First, Why do I choose to work?  Tough question on the best of days.  I think the best answer  I can give is that it is part of who I am.  I love what I do, and a huge part of me is missing when I am not working.  It’s a daily struggle though, and I question my choices constantly.  I think I have low confidence in myself at times so criticism of working moms stings particularly deeply.  I love my kids, more than anything.  But I am meant to do what I do, I know that. I don’t do it for money (and that is a luxury I deeply appreciate), or to buy nice things, or have a certain lifestyle.  I am meant to do this, and so it is what I do.  At least for now.

So next, childcare?  Our kids are in an in-home daycare.  We struggled here too, Devan went to four different centers/providers his first year.  I’ve come to accept that no one is going to do childcare exactly as I would do childcare, and if I can’t come to terms with that, then I need to be the one at home with them.  I’ve slowly accepted that extra tv time and cookies is not a deal breaker.  We decided that what was most important to us was finding a provider who LOVES our kids deeply, who lets them play, play, play, and provides them with social opportunities.  For now, I don’t really care if there is much of a focus on learning or structure so a preschool or center was not a good fit for us.  I want them to have fun and be loved and we are blessed to have found a provider that is like family to us.

Anyways, without further ado, a day in our life…

6:30 a.m.  The alarm goes off.  It is fairly irrelevant, because the kids are both awake and Craig is already in the shower.  I am still in bed ignoring the alarm.  Really.  I take massive doses of  muscle relaxers at night and they seriously knock me out cold.  Our house could blow away and I would not wake up.  This is both good and bad.


6:50.  Craig nicely yells at me to get up already.  He already has both kids dressed and is getting breakfast.  I stumble down half awake and pour some GF cereal.  Half of the time, I do get up with the kids at 6:30 and help out.  Or, almost half of the time.  Or, sometimes.  I try.


7:00-7:20  Chaos.  Pure chaos.  I help get everyone out the door, hopefully by 7:20 but often at 7:30 or later.  Everyone is stressed. I tell myself I need to drag my butt out of bed earlier tomorrow. 

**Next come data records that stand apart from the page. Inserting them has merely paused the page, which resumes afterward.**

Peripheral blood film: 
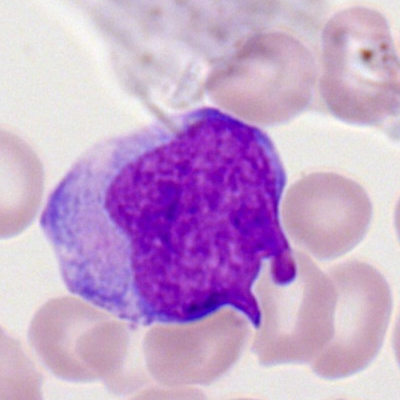

Morphology consistent with a myeloblast.
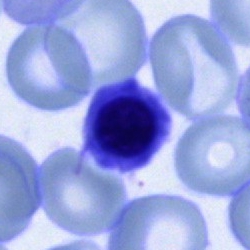

Classification: nucleated red blood cell.
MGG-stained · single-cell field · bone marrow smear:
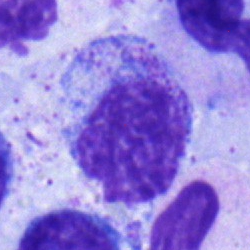This is a myelocyte.
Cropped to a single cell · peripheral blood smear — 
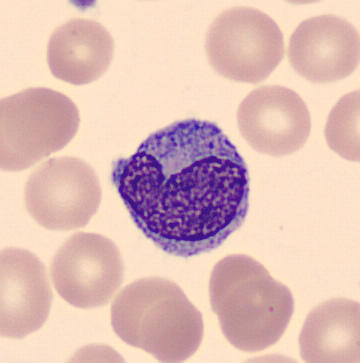 Cell — monocyte.
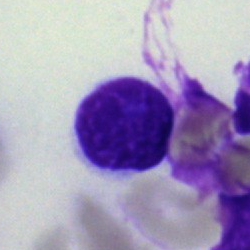

Q: What is shown here?
A: Artefact.
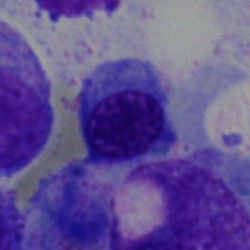

{"cell_type": "nucleated red cell", "lineage": "erythroid"}
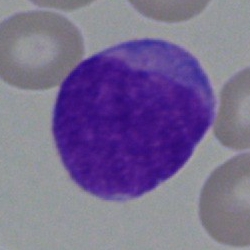 This is an undifferentiated blast.
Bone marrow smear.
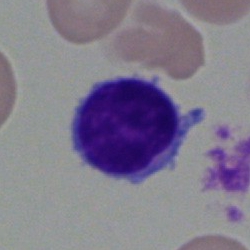 Specimen: bone marrow aspirate smear.
Cell: lymphocyte.
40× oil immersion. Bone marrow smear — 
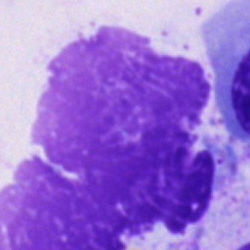
The cell shown is an artifact.
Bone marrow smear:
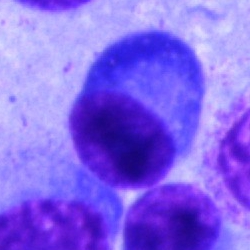

The cell is plasmacyte.

7:30  Time for me to fully wake up and get my rear in gear.  I usually wake up nauseated and sick to my stomach and it slows me down.  I do my PT stuff, take a shower, run the dishwasher, throw in some laundry, and sit at the computer until I feel like I won’t barf.  Some days, I go to PT in the morning at the local hospital.


9:00  I arrive at work. Or, the parking garage.  Or, the vicinity of downtown in general.  I try.  And to be fair, on my superwoman days I get in earlier. On really rough days, it might be 10. 


9-4.  I work, work, work.  Mostly I work through lunch.  Craig and I both try to accomplish errands during the day so occasionally I run to the bank across the street, or to the post office at City Center, or just take a walk to stretch my legs and calm my tummy.  Craig runs to Target, Home Depot, Jiffy Lube, etc over his lunch break. I try hard not to think about the kids while I am at work because on days when I think about them, it makes me a little heart-sick.  So I focus on work while I am at work, and on my family when I am at home.  It is the only way I can do it. 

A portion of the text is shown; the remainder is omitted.